Chronischer Schmerz bei HIV-Patienten

Jede Person, die mit HIV lebt, muss auf chronische Schmerzen untersucht werden, neue HIVMA-Richtlinien empfehlen.

Jede Person, die mit HIV lebt, muss auf chronische Schmerzen untersucht werden, neue HIVMA-Richtlinien empfehlen. Da anhaltender Schmerz ein signifikantes Problem ist, das 39 bis 85 Prozent der Menschen betrifft, die mit HIV leben, sollte jeder, der an der Infektion leidet, auf chronische Schmerzen untersucht werden, Empfehlungen von der HIV Medicine Association (HIVMA) der Gesellschaft für Infektionskrankheiten in Amerika (IDSA) ). Jene, die positiv screenen, sollten eine Vielzahl von Optionen für die Behandlung von Schmerzen angeboten bekommen, beginnend mit nicht-medikamentöser Behandlung wie kognitiver Verhaltenstherapie, Yoga und Physiotherapie, schlagen die ersten umfassenden Richtlinien zu HIV und chronischen Schmerzen vor.

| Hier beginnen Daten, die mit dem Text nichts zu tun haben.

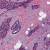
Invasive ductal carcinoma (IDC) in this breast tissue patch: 1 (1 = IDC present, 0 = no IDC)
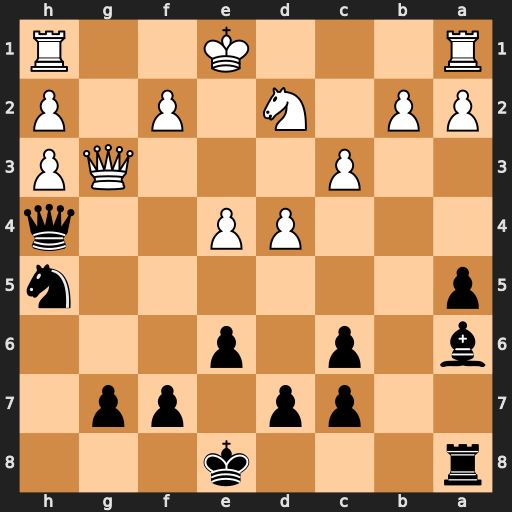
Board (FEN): r3k3/2pp1pp1/b1p1p3/p6n/3PP2q/2P3QP/PP1N1P1P/R3K2R
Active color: b
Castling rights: KQq
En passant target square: -
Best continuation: Nxg3

"Da HIV-Kliniker in der Regel keine Experten für Schmerztherapie sind, sollten sie eng mit anderen zusammenarbeiten, wie Schmerzspezialisten, Psychiatern und Physiotherapeuten, um die Schmerzen ihrer Patienten zu lindern", sagte Douglas Bruce, MD, MS, Leitautor von die Richtlinien, Leiter der Medizin bei Cornell Scott-Hill Health Center, und Associate Clinical Professor für Medizin an der Yale University, New Haven, Connecticut. "Diese umfassenden Richtlinien bieten die Werkzeuge und Ressourcen HIV-Spezialisten benötigen, um diese oft komplexen Patienten zu behandeln, viele von denen kämpfen mit Depression, Substanzgebrauchsstörungen und haben andere Gesundheitszustände wie Diabetes. "Lesen Sie mehr über die Faktoren, die Ihr Risiko für HIV erhöhen

Die Richtlinien empfehlen, dass alle Menschen mit HIV mit ein paar einfachen Fragen auf chronische Schmerzen untersucht werden:

Wie viel körperliche Schmerzen hatten Sie während der Woche?

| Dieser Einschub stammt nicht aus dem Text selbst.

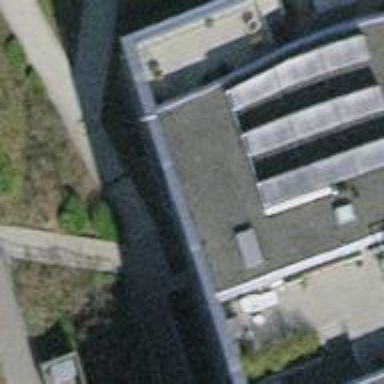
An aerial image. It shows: Kindergarten.

Haben Sie körperliche Schmerzen, die länger als drei Monate gedauert haben?

Diejenigen, die einen positiven Befund zeigen, sollten umfassend untersucht werden, einschließlich einer körperlichen Untersuchung, einer psychosozialen Bewertung und eines diagnostischen Tests. Fast die Hälfte der chronischen Schmerzen bei Menschen mit HIV ist neuropathisch (Nervenschmerzen), wahrscheinlich aufgrund einer Entzündung oder Verletzung des zentralen oder peripheren Nervensystems durch die Infektion verursacht. Nicht-neuropathischer Schmerz ist typischerweise muskuloskelettal, wie Rückenschmerzen und Osteoarthritis in den Gelenken. "Es ist seit langem bekannt, dass Patienten mit HIV / AIDS ein hohes Risiko für Schmerzen haben und ihre Schmerzen unzureichend diagnostiziert und behandelt werden", sagte Peter Selwyn, MD, MPH, Co-Vorsitzender der Leitlinien und Professor und Vorsitzender der Abteilung für Familien- und Sozialmedizin und Direktor des Palliative Care Programms für das Montefiore Medical Center, Albert-Einstein-College für Medizin, Bronx, NY. Lesen Sie hier Neuer HIV-Test, um versteckte Viren schneller zu finden

"Dies ist eine alternde Bevölkerung und die sich verändernden klinischen Manifestationen von HIV, Komplexität der Krankheit und zusätzliche Herausforderungen im Zusammenhang mit Drogenmissbrauch machen die Behandlung kompliziert. Diese Richtlinien helfen dabei, Klarheit bei der Behandlung dieser Patienten zu schaffen. "HIV-Spezialisten sollten mit einem interdisziplinären Team zusammenarbeiten, um eine multimodale Behandlung anzubieten. Die Leitlinien empfehlen zunächst alternative, nicht-pharmakologische Therapien, einschließlich kognitiver Verhaltenstherapie, Yoga, Physio- und Ergotherapie, Hypnose und Akupunktur.

Wenn Medikamente benötigt werden, empfehlen die Richtlinien, mit Nicht-Opioiden wie Gabapentin (Antischmerzmittel) und Capsaicin (örtlicher Schmerzmittel aus Chilischoten) zu beginnen, die beide bei Nervenschmerzen helfen. "Opioide sind nie die erste Linie", sagte Dr. Bruce. "Die Leitlinien empfehlen immer die effektivste Behandlung mit dem geringsten Risiko." Die Richtlinien wurden in der Zeitschrift veröffentlicht Klinische Infektionskrankheiten.